F ra i personaggi del secolo scorso entrati nella leggenda un posto d’onore è occupato dal barone Roman von Ungern-Sternberg. A novant’anni dalla sua esecuzione decisa dai bolscevichi, il nobile baltico è oggetto di un culto sotterraneo, in crescita nella galassia della nuova destra. C’è chi vede in Ungern-Sternberg una forza della natura investita della sacra missione di combattere il materialismo comunista. Però non manca chi lo considera un reazionario con turbe mistiche. Nella seconda categoria può rientrare Vladimir Pozner, scrittore russo naturalizzato francese. Era un giovane intellettuale di sinistra nei primi anni ’30, quando il collega Blaise Cendras gli commissionò un libro per la sua collana di biografie. Pozner scelse Ungern Khan. Fu così che nacque Il Barone sanguinario (Adelphi, pagg. 320, euro 22). Pozner fece ricorso soprattutto all’immaginazione per scrivere un bel romanzo, dove Ungern è un paranoico mosso dall’odio verso gli ebrei. Pozner ammette che si trattava di «un uomo di grande levatura», però lo presenta come un «relitto medioevale smarrito in una Siberia scossa dalla guerra civile», col vizio di bruciare vivi prodi sovietici.
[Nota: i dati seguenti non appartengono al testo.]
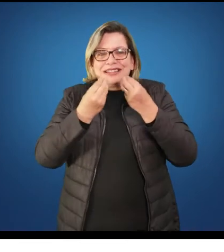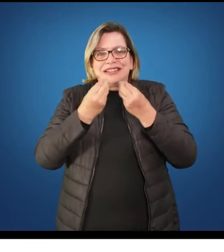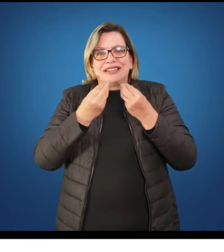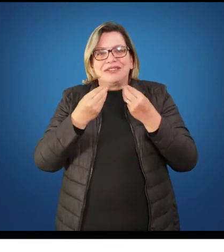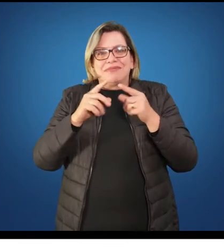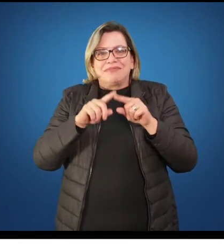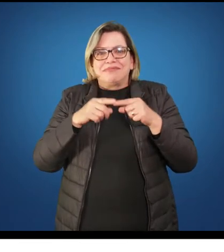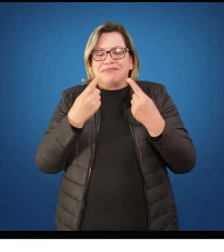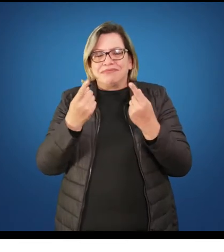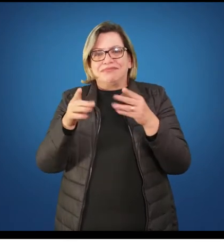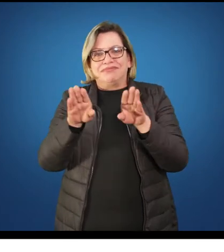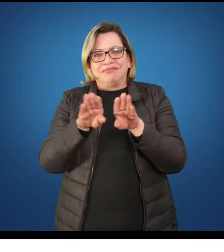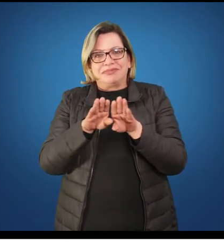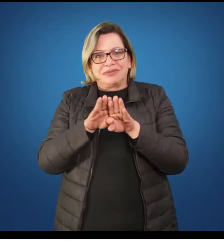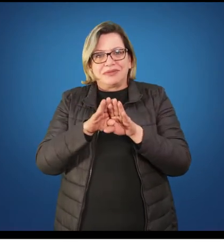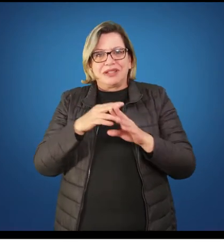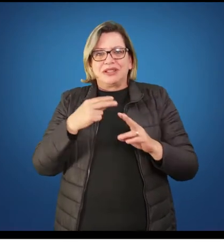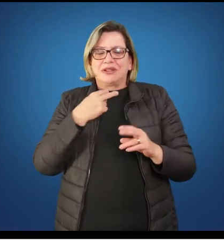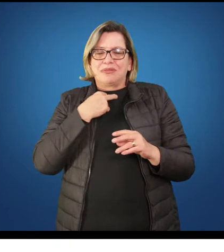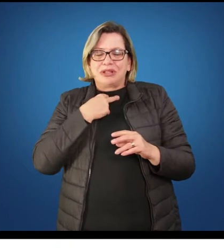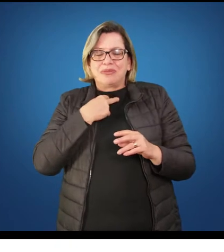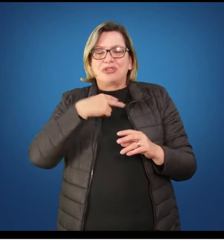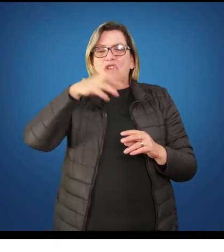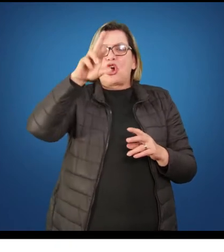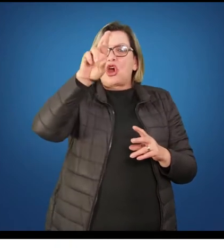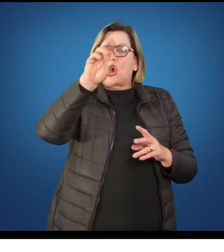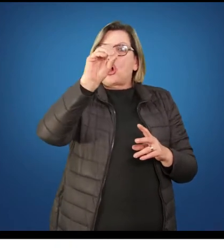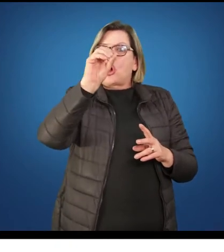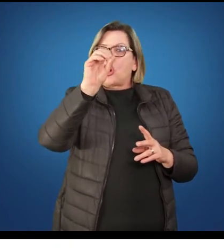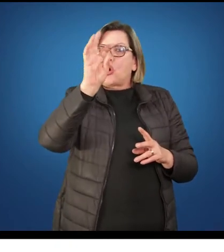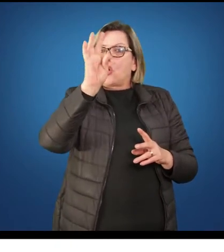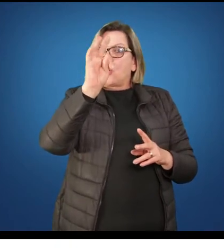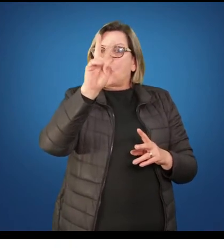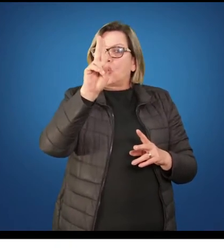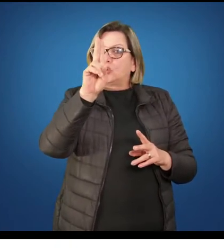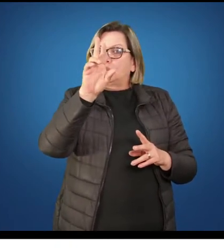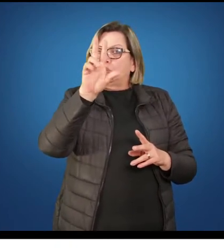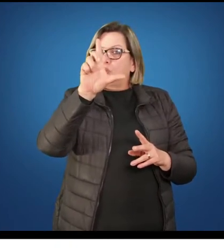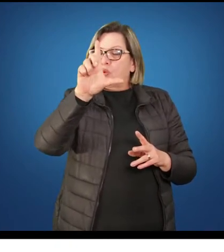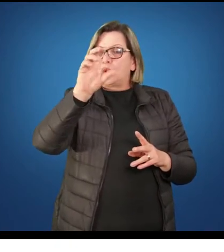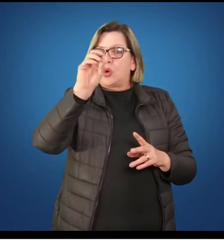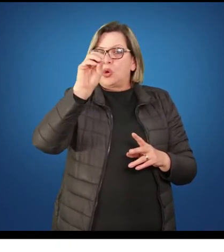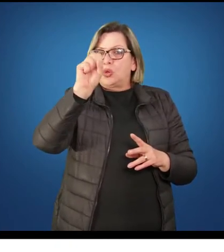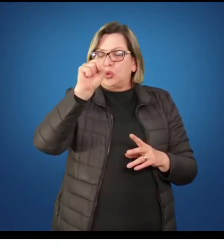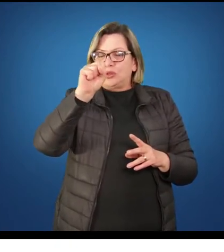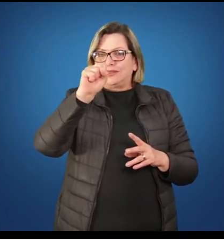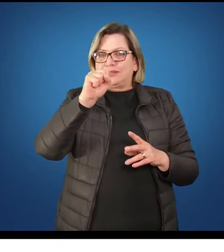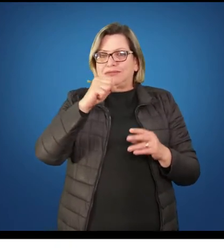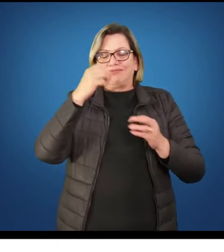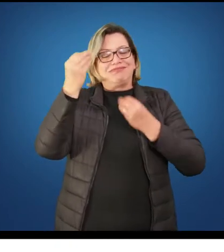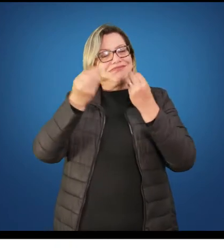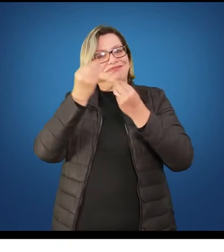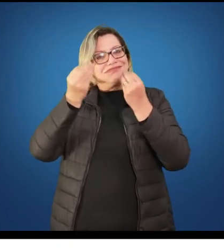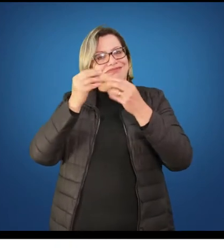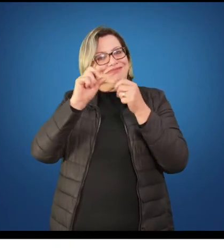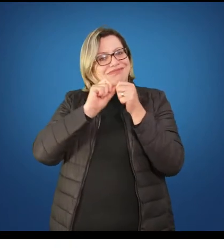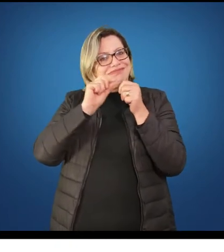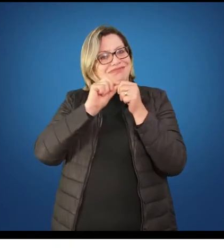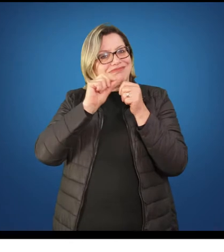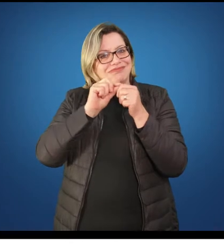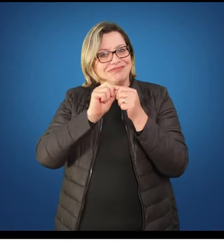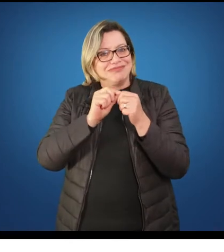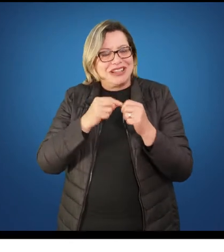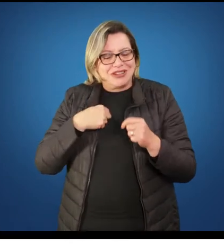criança adora subir, descer, adolescente adora competição, adora chegar primeiro, enfim. Se são rótulos que a gente tem que

Il limite dell’opera è nel manicheismo, nel far passare i comunisti come buoni e il barone, con contorno di reazionari bianchi, come il male assoluto.
Chi vuole farsi un’idea completa deve leggere Bestie, uomini e dei di Ferdinand Ossendowski, che frequentò Ungern, e i saggi di Imperi delle steppe (Centro Studi Vox Popoli).

Qui Pio Filippani Ronconi chiarisce perché Ungern venne benedetto dal «Budda vivente» della Mongolia e, ormai braccato, cercò rifugio presso il Dalai Lama. Non era una personale ossessione il far rivivere l’impero di Genghis Khan: la conferenza lamaista del 1919 aveva deciso di instaurare in Asia una teocrazia buddista per fronteggiare il caos d’Occidente.